Start of RECORDED DATA
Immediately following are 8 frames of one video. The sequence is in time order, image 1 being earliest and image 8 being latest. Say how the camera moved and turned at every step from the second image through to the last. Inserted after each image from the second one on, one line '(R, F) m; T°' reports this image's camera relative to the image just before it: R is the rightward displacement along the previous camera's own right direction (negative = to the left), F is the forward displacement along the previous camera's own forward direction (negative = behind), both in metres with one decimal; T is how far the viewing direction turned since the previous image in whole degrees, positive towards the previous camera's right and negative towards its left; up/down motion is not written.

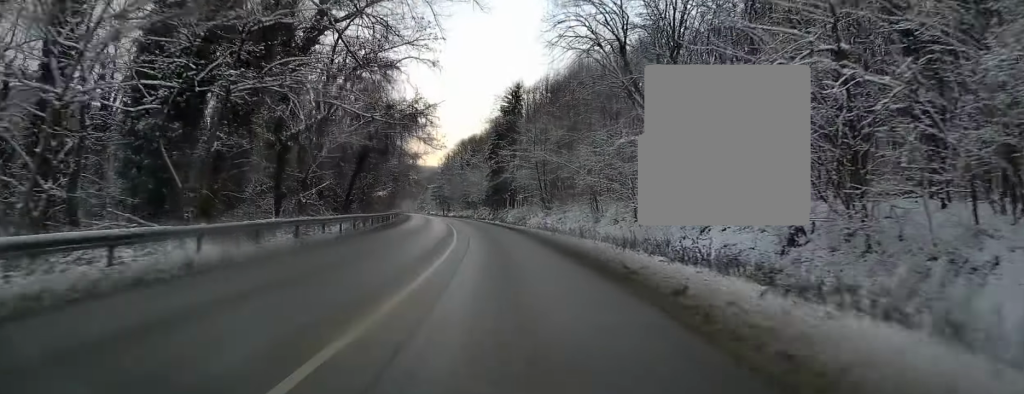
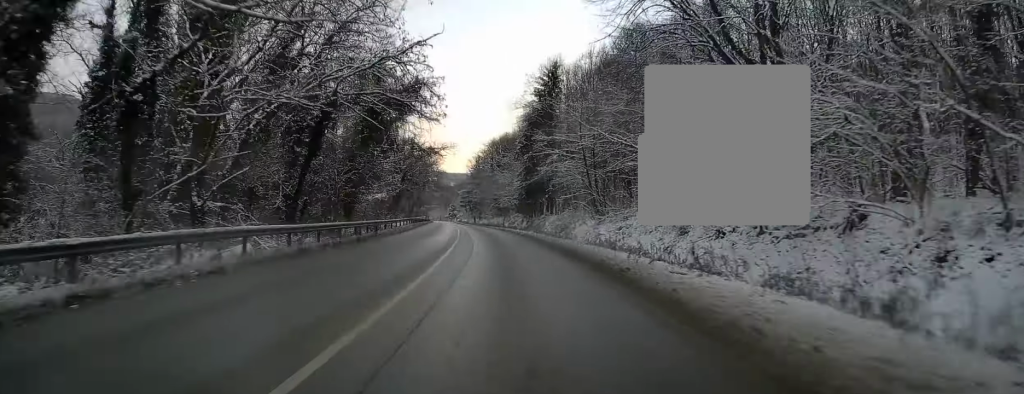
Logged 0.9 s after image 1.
(-0.3, +16.9) m; -2°
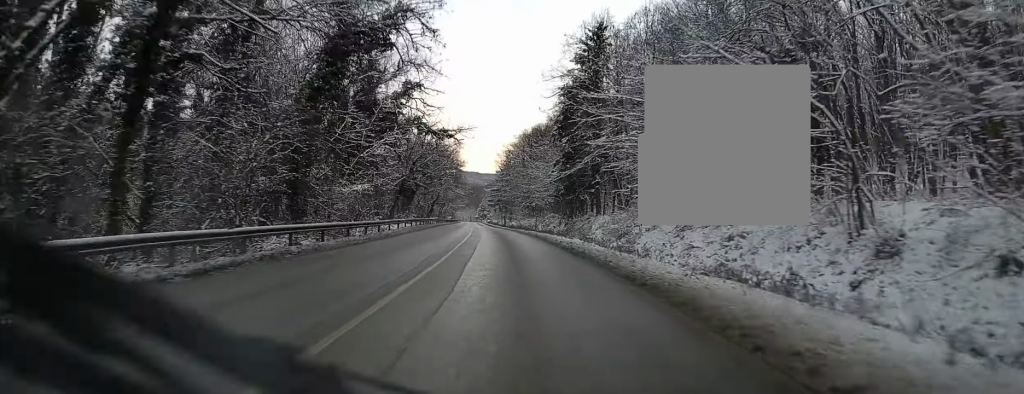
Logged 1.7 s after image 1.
(-0.3, +16.2) m; -3°
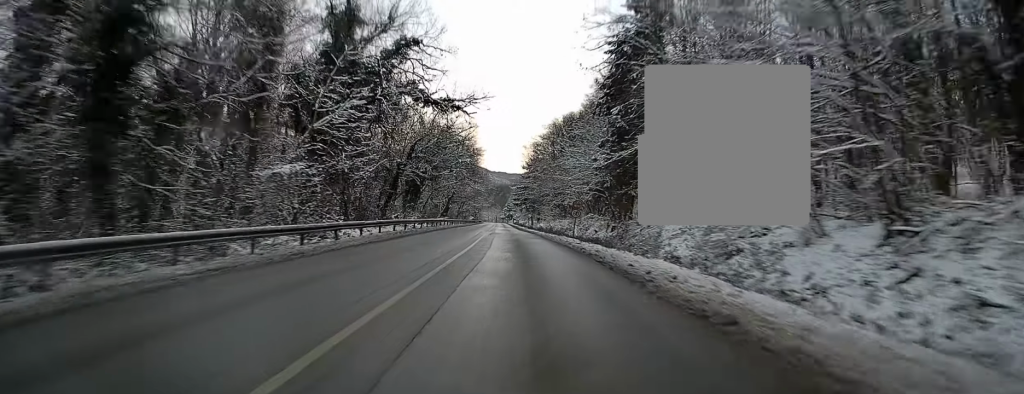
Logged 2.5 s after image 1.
(-0.2, +15.8) m; -3°
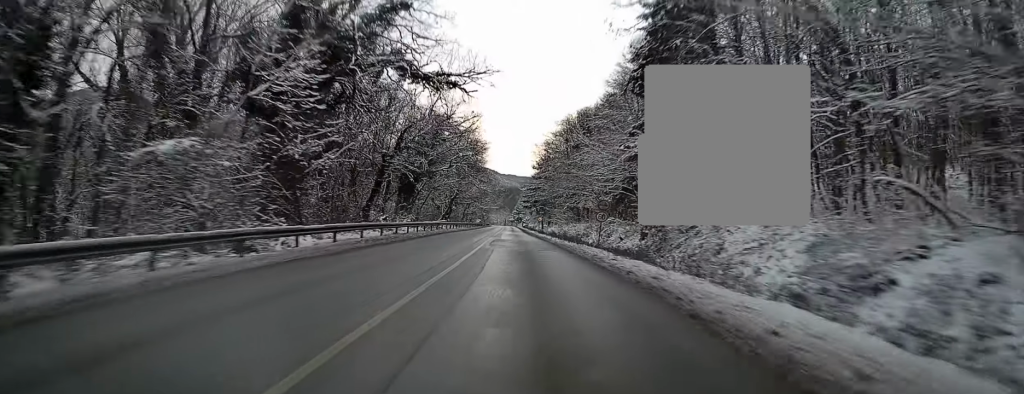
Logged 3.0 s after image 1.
(-0.4, +8.5) m; -1°
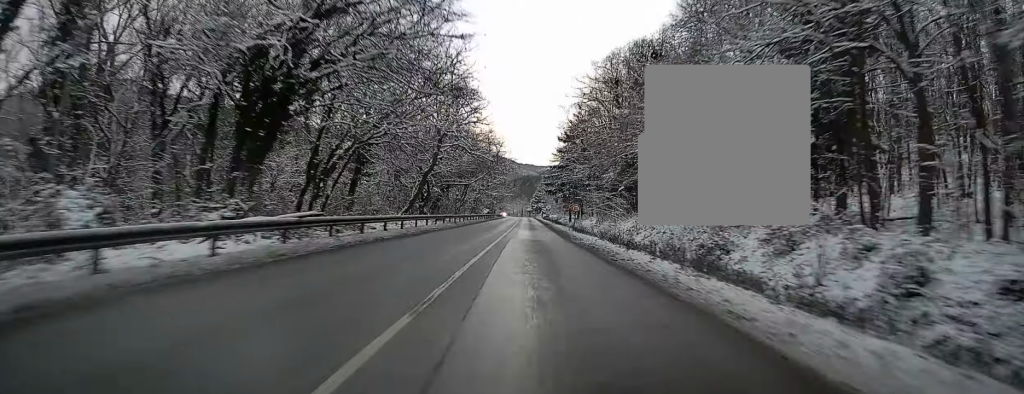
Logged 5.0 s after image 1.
(-1.1, +35.9) m; -3°
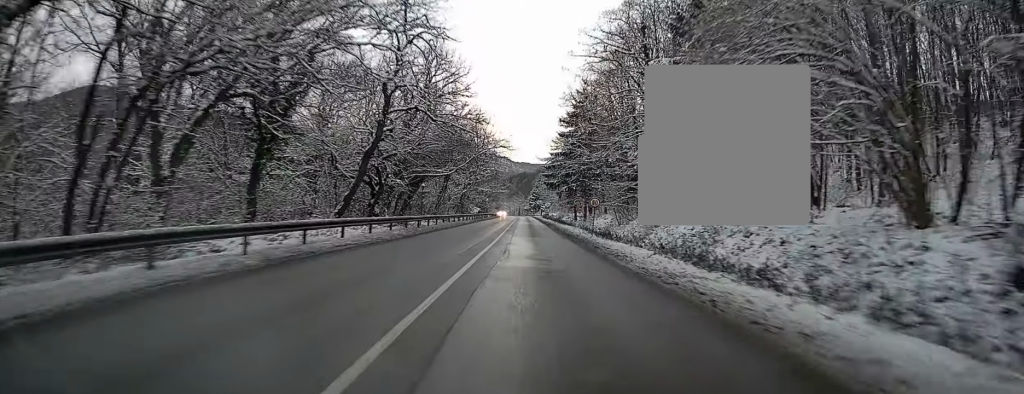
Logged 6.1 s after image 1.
(-0.1, +17.3) m; 0°
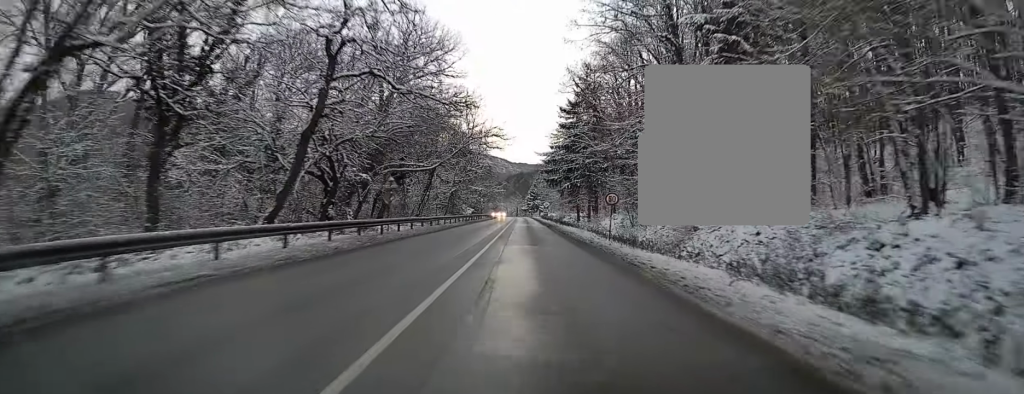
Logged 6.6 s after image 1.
(0.0, +8.8) m; 0°
End of RECORDED DATA
# [TASK]
Leave the images out and transcribe the remaining data above word for word.

# [SOLUTION TO THE EXERCISE]
Immediately following are 8 frames of one video. The sequence is in time order, image 1 being earliest and image 8 being latest. Say how the camera moved and turned at every step from the second image through to the last. Inserted after each image from the second one on, one line '(R, F) m; T°' reports this image's camera relative to the image just before it: R is the rightward displacement along the previous camera's own right direction (negative = to the left), F is the forward displacement along the previous camera's own forward direction (negative = behind), both in metres with one decimal; T is how far the viewing direction turned since the previous image in whole degrees, positive towards the previous camera's right and negative towards its left; up/down motion is not written.

Logged 0.9 s after image 1.
(-0.3, +16.9) m; -2°
Logged 1.7 s after image 1.
(-0.3, +16.2) m; -3°
Logged 2.5 s after image 1.
(-0.2, +15.8) m; -3°
Logged 3.0 s after image 1.
(-0.4, +8.5) m; -1°
Logged 5.0 s after image 1.
(-1.1, +35.9) m; -3°
Logged 6.1 s after image 1.
(-0.1, +17.3) m; 0°
Logged 6.6 s after image 1.
(0.0, +8.8) m; 0°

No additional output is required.